Based on Eq. (6), the instantaneous MTBF can be obtained at each temperature stress, in the step-down accelerated storage lifetime, we can choose some step-down accelerated stress, then combine the step-down accelerated stress with corresponding instantaneous MTBFi, and get several groups of value of temperature and lifetime. After that, the least-squares estimator (LSE) \( \hat{d},\hat{e} \) of d, e can be obtained based on Eq. (8), and the storage lifetime under normal stress can be obtained.

4 An Illustrative Example

Assuming that assembly products’ lifetime is an exponential distribution, \( \theta = 2 , 0 0 0 {\text{h,}} \) temperature as the accelerated stress, the step-down stress accelerated test can be considered as reliability growth test, which the first step data T1, that is the highest stress which is called the initial value of growth test, can be ascertained based on RET. This paper assumes that T1 = 85 °C, when there exists only one failure, the test will be turned to the next temperature ladder, we take 2.5 °C as a ladder. Based on the above conditions, the simulation failure data is listed in Table 1.

Table 1 The cumulative failure data of assemblies

Based on the Eqs. (4) and (5), the MLE \( {\hat{a}} \) and \( {\hat{b}} \) can be computed, then we can count the instantaneous MTBFi respectively from the highest stress condition 85 °C to accelerated stress condition 35, 40, 45, 50 °C, which are listed in Table 2.

Table 2 The MTBF of the different temperatures

From the Table 2 we can get, when the highest stress growths to the different stress, the difference of each parameter is small.

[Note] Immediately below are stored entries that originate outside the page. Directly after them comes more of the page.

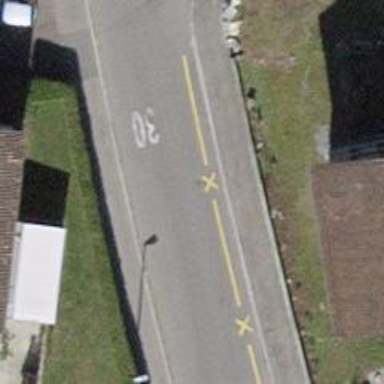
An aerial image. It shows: Sidewalk.
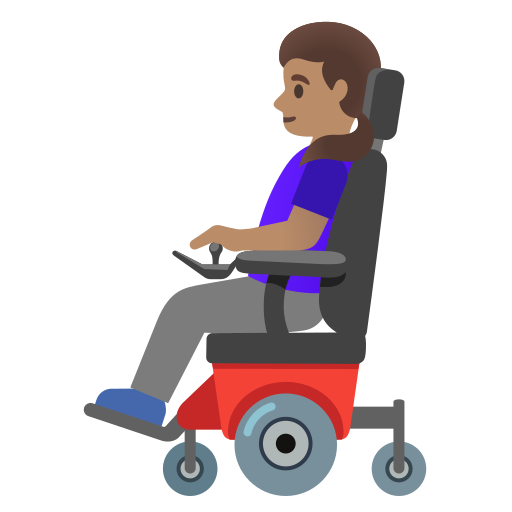
Emoji: 👩🏽‍🦼
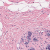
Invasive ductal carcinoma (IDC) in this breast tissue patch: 0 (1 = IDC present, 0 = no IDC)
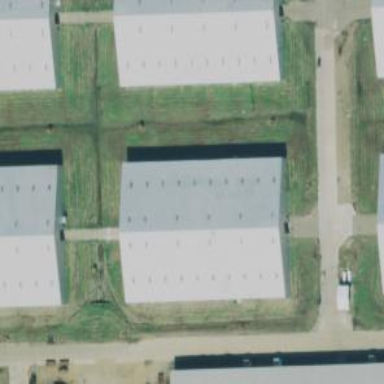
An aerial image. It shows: Warehouse.
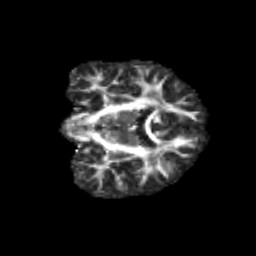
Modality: FA
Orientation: coronal
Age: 11
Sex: male
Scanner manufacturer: siemens
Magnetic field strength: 3 T
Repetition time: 3.8 s
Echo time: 0.07 s
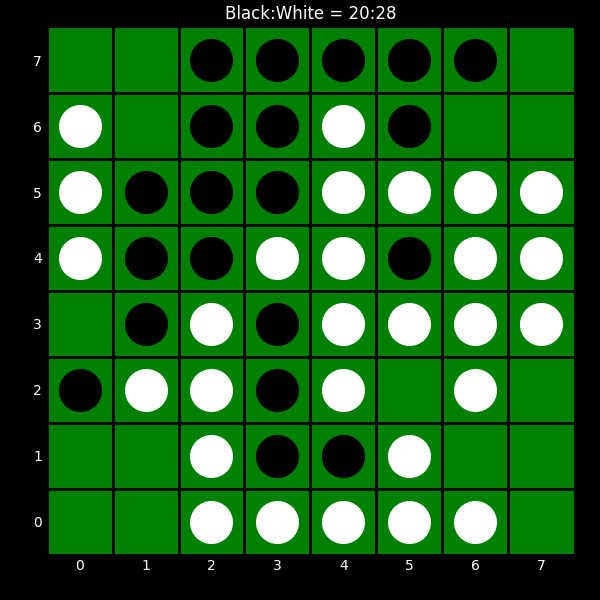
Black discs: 20
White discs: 28
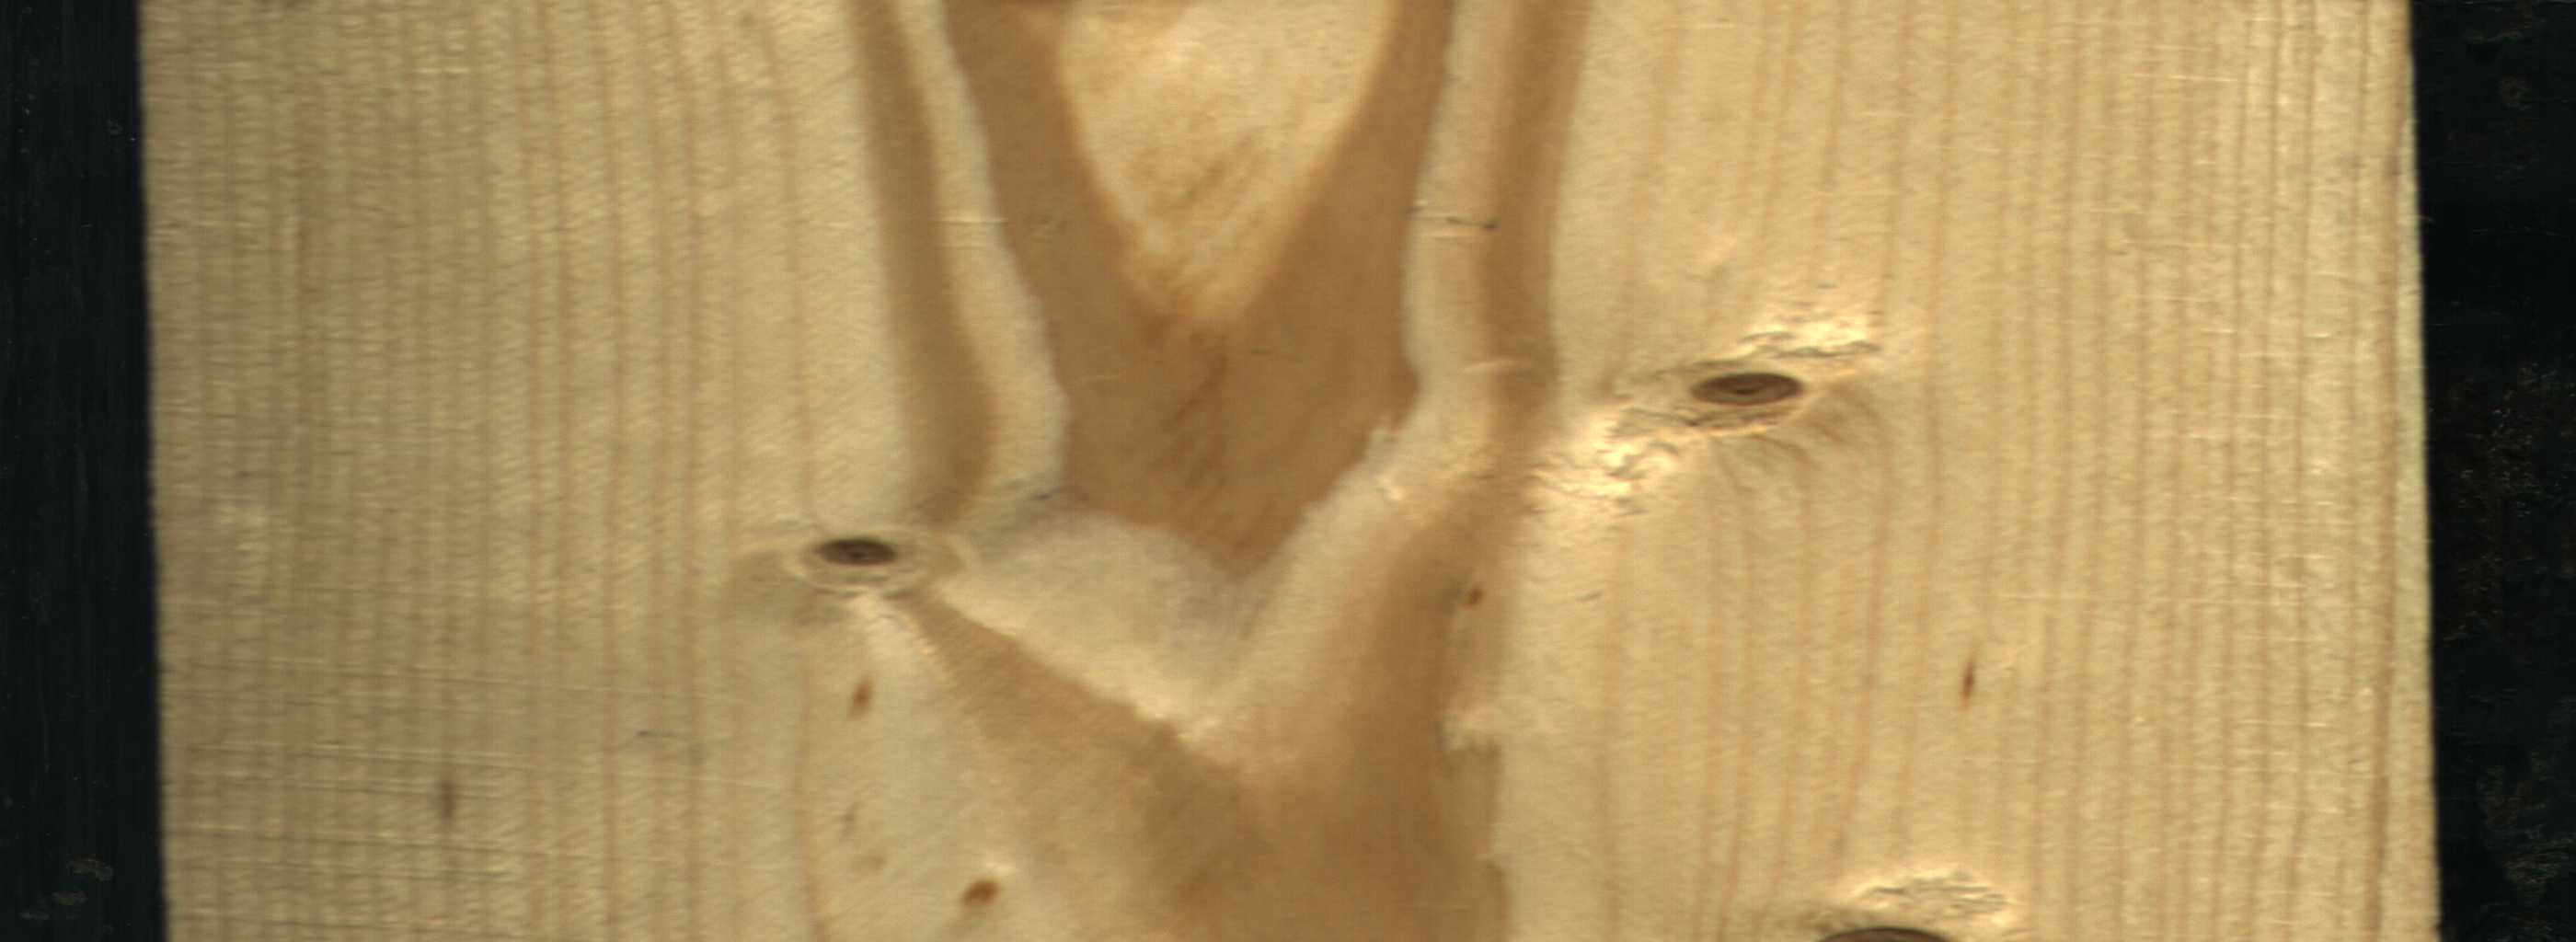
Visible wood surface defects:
Dead_Knot
Dead_Knot
Dead_Knot

Thus it illustrates that the growth rate is considered as constant in the step-down stress reliability growth test, that is, we use the thought of reliability growth to carry out the step-down stress accelerated storage test is feasible.

Based on the Table 2, the relation between the instantaneous MTBFi under accelerated stress and corresponding accelerated stress is shown in the Fig. 1.

Fig. 1
figure 1

The fitting chart between life and stress

Based on the Eq. (8), the LSE of d, e can be obtained, that is, \( {\hat{\text{d}}} = - 36.85,{\hat{\text{e}}} = 13250. \) Then the storage lifetime under normal stress can be extrapolated.

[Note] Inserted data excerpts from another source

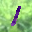
Label: 1
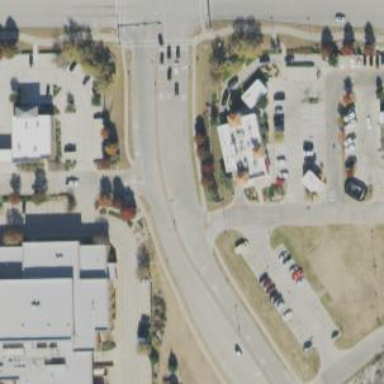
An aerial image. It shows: Tertiary road with separate sidewalks.
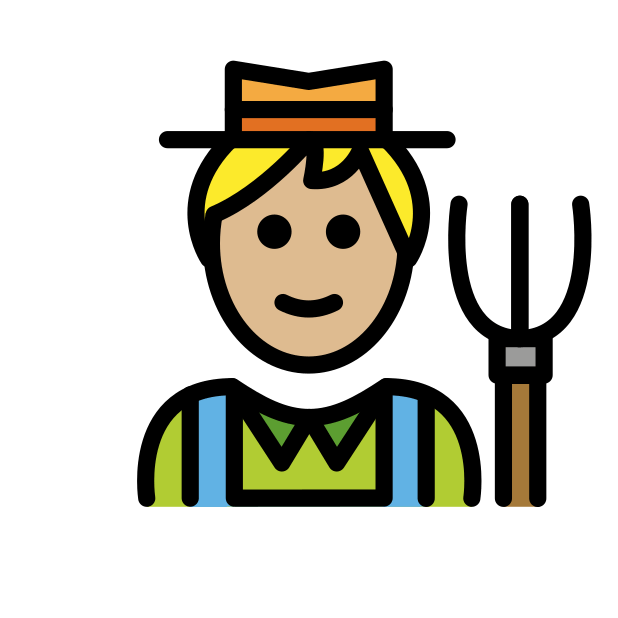
man farmer: medium-light skin tone
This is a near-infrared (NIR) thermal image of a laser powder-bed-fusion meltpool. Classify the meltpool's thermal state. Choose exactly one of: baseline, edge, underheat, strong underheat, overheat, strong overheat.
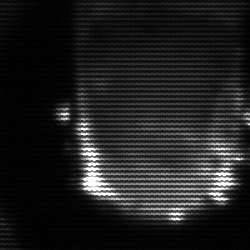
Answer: baseline
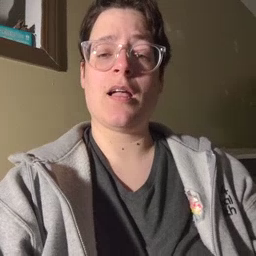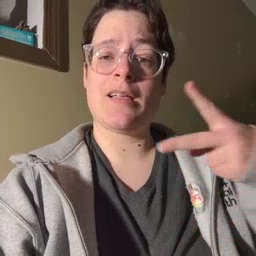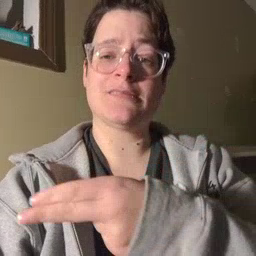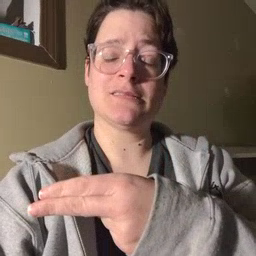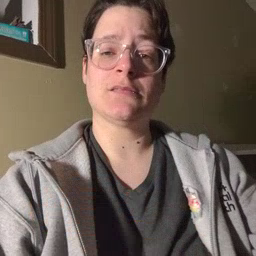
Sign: cut
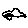
Label: car
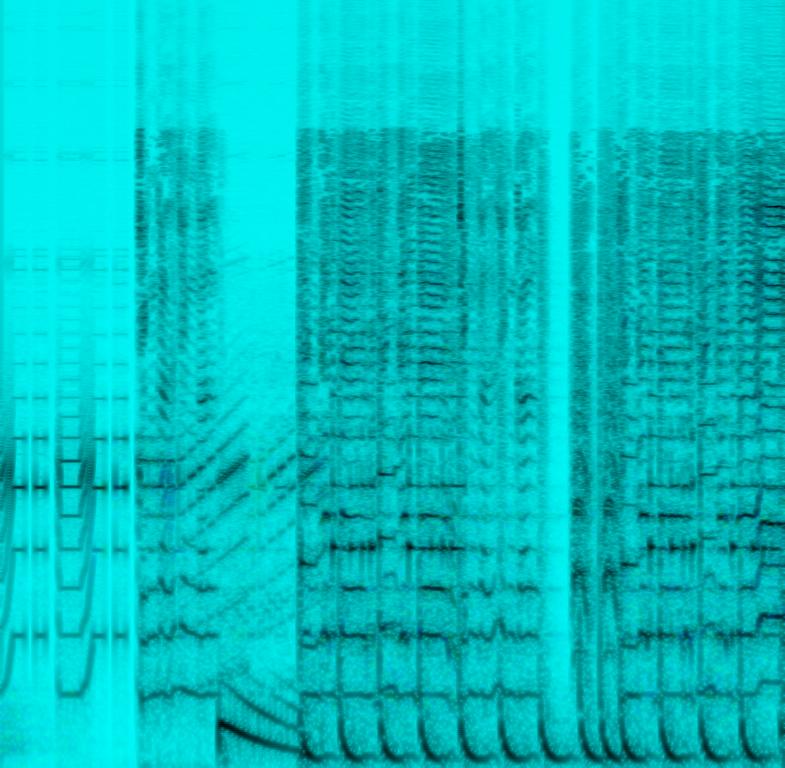
The low quality recording features a dance hall rhythm Christmas song that consists of flat male vocals, alongside high pitched male vocals at the very beginning, singing over syncopated snare, plucked sitar melody, "4 on the floor" kick pattern and simple bass. It sounds fun and happy, like something kids would listen to.

$$ \theta_{0} = \exp ( - 36.85 + 13250/(273 + 25)) = 1998.2{\text{h}} $$
(9)

The result is nearly the same with real MTBF 2000 h of the assembly products.

5 Conclusion

This paper presents a method which uses the reliability growth model in the step-down stress accelerated storage test, which avoids the trouble of data conversion. Then we compute an example, the result of parameter estimation illustrates that, when the highest stress growths to different stress, the growth rate is constant, which correspond with the thought of reliability growth. Finally, the storage lifetime of the assembly products can be obtained by accelerated model, which is nearly the same with real MTBF. Thus it provides a new evaluation method for step-down accelerated storage test.